Out of all of Pixar’s films, Inside Out is admittedly the most primed for a revisit. Set within the mind of an 11-year-old girl named Riley, it follows a gang of anthropomorphised emotions that control her life. As kids get older, puberty sets in and emotions complicate, so it’s a natural place for screenwriters Meg LeFauve and Dave Holstein to introduce an new set of characters: Anxiety (Maya Hawke), Envy (Ayo Edebiri), Ennui (Adèle Exarchopoulos), and Embarrassment (Paul Walter Hauser).
Riley (Kensington Tallman) is two years older, and about to head off to a hockey-themed summer camp ahead of her first year of high school. Anxiety barges in, arms bundled with (literal) baggage, and vows to protect Riley from all “the scary stuff she can’t see”. She’s a well-intentioned despot who soon sends the core emotions – Joy (Amy Poehler), Anger (Lewis Black), Fear (Tony Hale, replacing Bill Hader), and Disgust (Liza Lapira, replacing Mindy Kaling) – to the repressed back of the brain, where all secrets live, so that she can focus on the work of social success.
The imaginary landscape of the mind, first created for Pete Docter’s 2015 film (Kelsey Mann here takes on directing duties), felt mildly revolutionary at the time. Suddenly, we’d been handed a new vocabulary for how parents could talk to kids, and how emotionally stunted adults could talk to themselves in the mirror. Inside Out 2 is interested more in expanding than redefining its predecessor, but it’s impressive how well even the film’s more familiar elements still work. What was once a lesson in the necessity of negative emotions, such as sadness, has now matured into its second stage: a bittersweet, tearjerking reminder that we’re better, more rounded people when we embrace our flaws and insecurities.

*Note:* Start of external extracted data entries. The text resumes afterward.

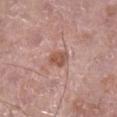* workup: catalogued during a skin exam; not biopsied
* acquisition: 15 mm crop, total-body photography
* automated lesion analysis: a footprint of about 5 mm², a shape eccentricity near 0.7, and a symmetry-axis asymmetry near 0.15; a lesion color around L≈54 a*≈22 b*≈28 in CIELAB and about 10 CIELAB-L* units darker than the surrounding skin
* patient: male, aged around 70
* diameter: about 3 mm
* body site: the right lower leg
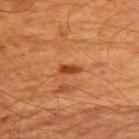Q: What lighting was used for the tile?
A: cross-polarized
Q: What did automated image analysis measure?
A: roughly 10 lightness units darker than nearby skin and a normalized lesion–skin contrast near 8.5; border irregularity of about 2.5 on a 0–10 scale, internal color variation of about 0 on a 0–10 scale, and a peripheral color-asymmetry measure near 0; an automated nevus-likeness rating near 85 out of 100
Q: How was this image acquired?
A: 15 mm crop, total-body photography
Q: What are the patient's age and sex?
A: male, roughly 60 years of age
Q: What is the anatomic site?
A: the upper back
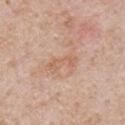Longest diameter approximately 4 mm. The lesion is on the chest. A region of skin cropped from a whole-body photographic capture, roughly 15 mm wide. The lesion-visualizer software estimated an area of roughly 4.5 mm² and an eccentricity of roughly 0.95. It also reported a border-irregularity index near 5/10, a within-lesion color-variation index near 1/10, and a peripheral color-asymmetry measure near 0. And it measured a nevus-likeness score of about 0/100 and a detector confidence of about 100 out of 100 that the crop contains a lesion. A male patient, in their 70s.
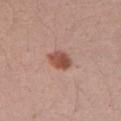Q: Was a biopsy performed?
A: catalogued during a skin exam; not biopsied
Q: Patient demographics?
A: male, aged around 40
Q: How was this image acquired?
A: total-body-photography crop, ~15 mm field of view
Q: Lesion location?
A: the right upper arm
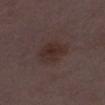Q: Was this lesion biopsied?
A: no biopsy performed (imaged during a skin exam)
Q: How was the tile lit?
A: white-light illumination
Q: What is the anatomic site?
A: the left thigh
Q: What is the imaging modality?
A: ~15 mm crop, total-body skin-cancer survey
Q: What did automated image analysis measure?
A: an area of roughly 9.5 mm² and two-axis asymmetry of about 0.15; a mean CIELAB color near L≈28 a*≈15 b*≈18, roughly 6 lightness units darker than nearby skin, and a normalized lesion–skin contrast near 7.5; a border-irregularity rating of about 1.5/10, a within-lesion color-variation index near 2.5/10, and a peripheral color-asymmetry measure near 1; an automated nevus-likeness rating near 55 out of 100 and a lesion-detection confidence of about 100/100
Q: Patient demographics?
A: female, aged 28 to 32
Q: Lesion size?
A: ~4 mm (longest diameter)
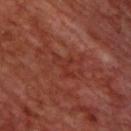Notes:
* biopsy status — total-body-photography surveillance lesion; no biopsy
* size — about 3 mm
* lighting — cross-polarized
* imaging modality — ~15 mm crop, total-body skin-cancer survey
* patient — male, in their 70s
* anatomic site — the upper back
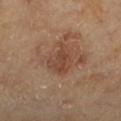<record>
  <lighting>cross-polarized</lighting>
  <site>leg</site>
  <automated_metrics>
    <color_variation_0_10>3.0</color_variation_0_10>
    <peripheral_color_asymmetry>1.0</peripheral_color_asymmetry>
    <lesion_detection_confidence_0_100>100</lesion_detection_confidence_0_100>
  </automated_metrics>
  <image>
    <source>total-body photography crop</source>
    <field_of_view_mm>15</field_of_view_mm>
  </image>
  <patient>
    <sex>female</sex>
    <age_approx>60</age_approx>
  </patient>
</record>
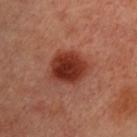biopsy status=total-body-photography surveillance lesion; no biopsy
image=total-body-photography crop, ~15 mm field of view
subject=female, aged around 55
site=the chest
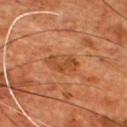Findings:
* biopsy status — imaged on a skin check; not biopsied
* patient — male, aged around 55
* body site — the chest
* acquisition — 15 mm crop, total-body photography
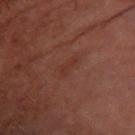This lesion was catalogued during total-body skin photography and was not selected for biopsy. A 15 mm close-up tile from a total-body photography series done for melanoma screening. A female subject, roughly 65 years of age. The lesion is located on the left forearm.
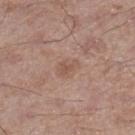Assessment:
Recorded during total-body skin imaging; not selected for excision or biopsy.
Context:
The tile uses white-light illumination. An algorithmic analysis of the crop reported a border-irregularity rating of about 4/10, a color-variation rating of about 0.5/10, and a peripheral color-asymmetry measure near 0. And it measured lesion-presence confidence of about 100/100. Located on the right lower leg. A 15 mm close-up extracted from a 3D total-body photography capture. A male subject, aged around 55. Measured at roughly 2.5 mm in maximum diameter.
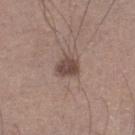Recorded during total-body skin imaging; not selected for excision or biopsy.
A male patient, in their mid-50s.
On the right lower leg.
Captured under white-light illumination.
Cropped from a whole-body photographic skin survey; the tile spans about 15 mm.
The total-body-photography lesion software estimated a nevus-likeness score of about 55/100 and a lesion-detection confidence of about 100/100.
Measured at roughly 3 mm in maximum diameter.
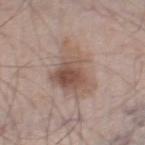The lesion was tiled from a total-body skin photograph and was not biopsied. About 7 mm across. A male patient, roughly 60 years of age. A lesion tile, about 15 mm wide, cut from a 3D total-body photograph. The lesion is on the leg.
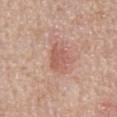Clinical impression: Part of a total-body skin-imaging series; this lesion was reviewed on a skin check and was not flagged for biopsy. Acquisition and patient details: The lesion is located on the abdomen. A male subject aged 63–67. Measured at roughly 4 mm in maximum diameter. A 15 mm close-up extracted from a 3D total-body photography capture. Imaged with white-light lighting.
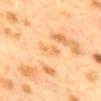subject — female, aged 38–42 | image source — ~15 mm tile from a whole-body skin photo | automated lesion analysis — border irregularity of about 3 on a 0–10 scale, a within-lesion color-variation index near 1.5/10, and peripheral color asymmetry of about 0.5; an automated nevus-likeness rating near 0 out of 100 and a detector confidence of about 100 out of 100 that the crop contains a lesion | anatomic site — the back.
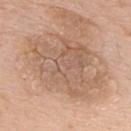{"lesion_size": {"long_diameter_mm_approx": 9.0}, "lighting": "white-light", "patient": {"sex": "male", "age_approx": 60}, "image": {"source": "total-body photography crop", "field_of_view_mm": 15}, "site": "upper back"}
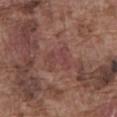Background: A 15 mm crop from a total-body photograph taken for skin-cancer surveillance. Longest diameter approximately 3 mm. Automated image analysis of the tile measured a mean CIELAB color near L≈42 a*≈23 b*≈21, a lesion–skin lightness drop of about 6, and a normalized lesion–skin contrast near 5. The analysis additionally found a border-irregularity index near 7.5/10, a color-variation rating of about 1/10, and a peripheral color-asymmetry measure near 0.5. And it measured a classifier nevus-likeness of about 0/100 and a lesion-detection confidence of about 90/100. The tile uses white-light illumination. A male subject, aged around 75. On the abdomen.
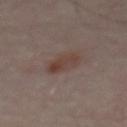follow-up = imaged on a skin check; not biopsied, patient = aged 53–57, image-analysis metrics = a footprint of about 6.5 mm², illumination = cross-polarized, acquisition = ~15 mm tile from a whole-body skin photo, lesion size = ≈3.5 mm, anatomic site = the abdomen.
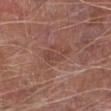| feature | finding |
|---|---|
| workup | catalogued during a skin exam; not biopsied |
| imaging modality | ~15 mm crop, total-body skin-cancer survey |
| illumination | white-light illumination |
| automated lesion analysis | a lesion color around L≈44 a*≈22 b*≈25 in CIELAB, roughly 6 lightness units darker than nearby skin, and a lesion-to-skin contrast of about 5 (normalized; higher = more distinct); border irregularity of about 6 on a 0–10 scale, a within-lesion color-variation index near 1/10, and a peripheral color-asymmetry measure near 0.5 |
| subject | male, aged approximately 65 |
| site | the right lower leg |
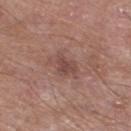follow-up — no biopsy performed (imaged during a skin exam) | acquisition — 15 mm crop, total-body photography | image-analysis metrics — a footprint of about 4.5 mm², a shape eccentricity near 0.55, and a symmetry-axis asymmetry near 0.4; a mean CIELAB color near L≈46 a*≈20 b*≈23, about 8 CIELAB-L* units darker than the surrounding skin, and a lesion-to-skin contrast of about 6.5 (normalized; higher = more distinct); a border-irregularity rating of about 4/10, a within-lesion color-variation index near 1.5/10, and a peripheral color-asymmetry measure near 0.5; an automated nevus-likeness rating near 0 out of 100 | subject — male, roughly 55 years of age | site — the left lower leg | diameter — ≈3 mm | lighting — white-light.
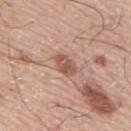The patient is a male roughly 75 years of age.
Located on the mid back.
A region of skin cropped from a whole-body photographic capture, roughly 15 mm wide.
This is a white-light tile.
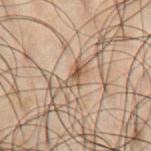biopsy_status: not biopsied; imaged during a skin examination
lesion_size:
  long_diameter_mm_approx: 2.5
site: chest
lighting: cross-polarized
image:
  source: total-body photography crop
  field_of_view_mm: 15
patient:
  sex: male
  age_approx: 50
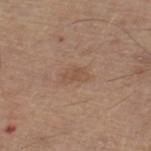Captured during whole-body skin photography for melanoma surveillance; the lesion was not biopsied. The subject is a male in their mid-60s. Automated image analysis of the tile measured a footprint of about 3.5 mm², an outline eccentricity of about 0.85 (0 = round, 1 = elongated), and a symmetry-axis asymmetry near 0.3. And it measured a lesion color around L≈50 a*≈18 b*≈29 in CIELAB, about 6 CIELAB-L* units darker than the surrounding skin, and a lesion-to-skin contrast of about 5 (normalized; higher = more distinct). It also reported a border-irregularity index near 3/10 and a peripheral color-asymmetry measure near 0.5. Captured under white-light illumination. A roughly 15 mm field-of-view crop from a total-body skin photograph. Approximately 3 mm at its widest. From the right thigh.
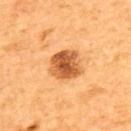Case summary:
• biopsy status: imaged on a skin check; not biopsied
• site: the upper back
• imaging modality: ~15 mm tile from a whole-body skin photo
• TBP lesion metrics: an area of roughly 11 mm², an eccentricity of roughly 0.35, and a shape-asymmetry score of about 0.15 (0 = symmetric); an average lesion color of about L≈57 a*≈28 b*≈44 (CIELAB), about 17 CIELAB-L* units darker than the surrounding skin, and a lesion-to-skin contrast of about 10 (normalized; higher = more distinct)
• diameter: ~4 mm (longest diameter)
• patient: male, aged approximately 65
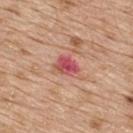Q: Is there a histopathology result?
A: no biopsy performed (imaged during a skin exam)
Q: What is the anatomic site?
A: the upper back
Q: Who is the patient?
A: male, in their 70s
Q: What did automated image analysis measure?
A: an area of roughly 5 mm², an outline eccentricity of about 0.65 (0 = round, 1 = elongated), and a shape-asymmetry score of about 0.25 (0 = symmetric); a border-irregularity rating of about 2.5/10; a classifier nevus-likeness of about 0/100 and lesion-presence confidence of about 100/100
Q: What lighting was used for the tile?
A: white-light illumination
Q: What is the imaging modality?
A: 15 mm crop, total-body photography
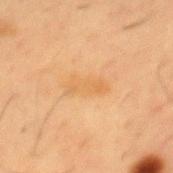The lesion was photographed on a routine skin check and not biopsied; there is no pathology result. About 4.5 mm across. Located on the chest. Imaged with cross-polarized lighting. The patient is a male approximately 55 years of age. Cropped from a whole-body photographic skin survey; the tile spans about 15 mm.
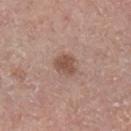The lesion was tiled from a total-body skin photograph and was not biopsied.
About 2.5 mm across.
Captured under white-light illumination.
A male patient in their mid-50s.
The total-body-photography lesion software estimated a lesion area of about 4.5 mm² and two-axis asymmetry of about 0.3. The analysis additionally found a within-lesion color-variation index near 1.5/10.
The lesion is on the left lower leg.
A lesion tile, about 15 mm wide, cut from a 3D total-body photograph.
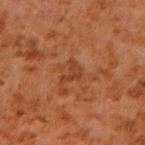{
  "site": "right upper arm",
  "patient": {
    "sex": "male",
    "age_approx": 60
  },
  "lighting": "cross-polarized",
  "image": {
    "source": "total-body photography crop",
    "field_of_view_mm": 15
  }
}
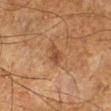Recorded during total-body skin imaging; not selected for excision or biopsy. On the right lower leg. A male patient, aged approximately 60. Cropped from a whole-body photographic skin survey; the tile spans about 15 mm.
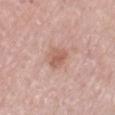workup: imaged on a skin check; not biopsied | patient: male, approximately 80 years of age | automated metrics: a lesion area of about 5 mm², an eccentricity of roughly 0.5, and a symmetry-axis asymmetry near 0.25; a mean CIELAB color near L≈59 a*≈22 b*≈27, roughly 9 lightness units darker than nearby skin, and a lesion-to-skin contrast of about 6.5 (normalized; higher = more distinct); a color-variation rating of about 2/10 and peripheral color asymmetry of about 0.5; a nevus-likeness score of about 15/100 | body site: the right thigh | diameter: ≈2.5 mm | lighting: white-light | image source: ~15 mm crop, total-body skin-cancer survey.
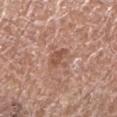Q: Is there a histopathology result?
A: no biopsy performed (imaged during a skin exam)
Q: How was this image acquired?
A: ~15 mm tile from a whole-body skin photo
Q: How large is the lesion?
A: ~3 mm (longest diameter)
Q: Who is the patient?
A: female, approximately 75 years of age
Q: Lesion location?
A: the left lower leg
Q: What did automated image analysis measure?
A: a footprint of about 4.5 mm² and an outline eccentricity of about 0.75 (0 = round, 1 = elongated); an average lesion color of about L≈52 a*≈23 b*≈28 (CIELAB), a lesion–skin lightness drop of about 9, and a normalized border contrast of about 6.5; border irregularity of about 5 on a 0–10 scale, internal color variation of about 1.5 on a 0–10 scale, and radial color variation of about 0.5; a classifier nevus-likeness of about 0/100
Q: What lighting was used for the tile?
A: white-light illumination
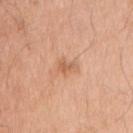biopsy_status: not biopsied; imaged during a skin examination
lighting: white-light
image:
  source: total-body photography crop
  field_of_view_mm: 15
patient:
  sex: male
  age_approx: 70
lesion_size:
  long_diameter_mm_approx: 2.5
site: right upper arm

This is the stuff Pixar excels at, the fantastical speaking directly to the emotional. Hawke is an ingenious pick for the voice of Anxiety. Her scratchy, but gentle tone and rapid-fire delivery makes it easier to forget that this little muppet-mouthed, culotte-clothed disaster is the one actively ruining Riley’s life.
It’s a painfully relatable character, in a film that’s been packed to the rafters with silly, witty observations, from the appearance of Riley’s former crush – a low-res, old school video game character called Lance Slashblade (Yong Yea) – to the depiction of a catastrophising thought spiral being made to look like Apple’s famous Nineteen Eighty-Four-inspired ad, where the woman throws a sledgehammer into the giant screen. Sure, there’s nothing in the film that matches the pure heartbreak of the first, when Riley’s imaginary friend Bing Bong (Richard Kind) disappears into nothingness. But Inside Out 2 proves that it’s ludicrous, at this point, to accuse the studio of having run out of ideas.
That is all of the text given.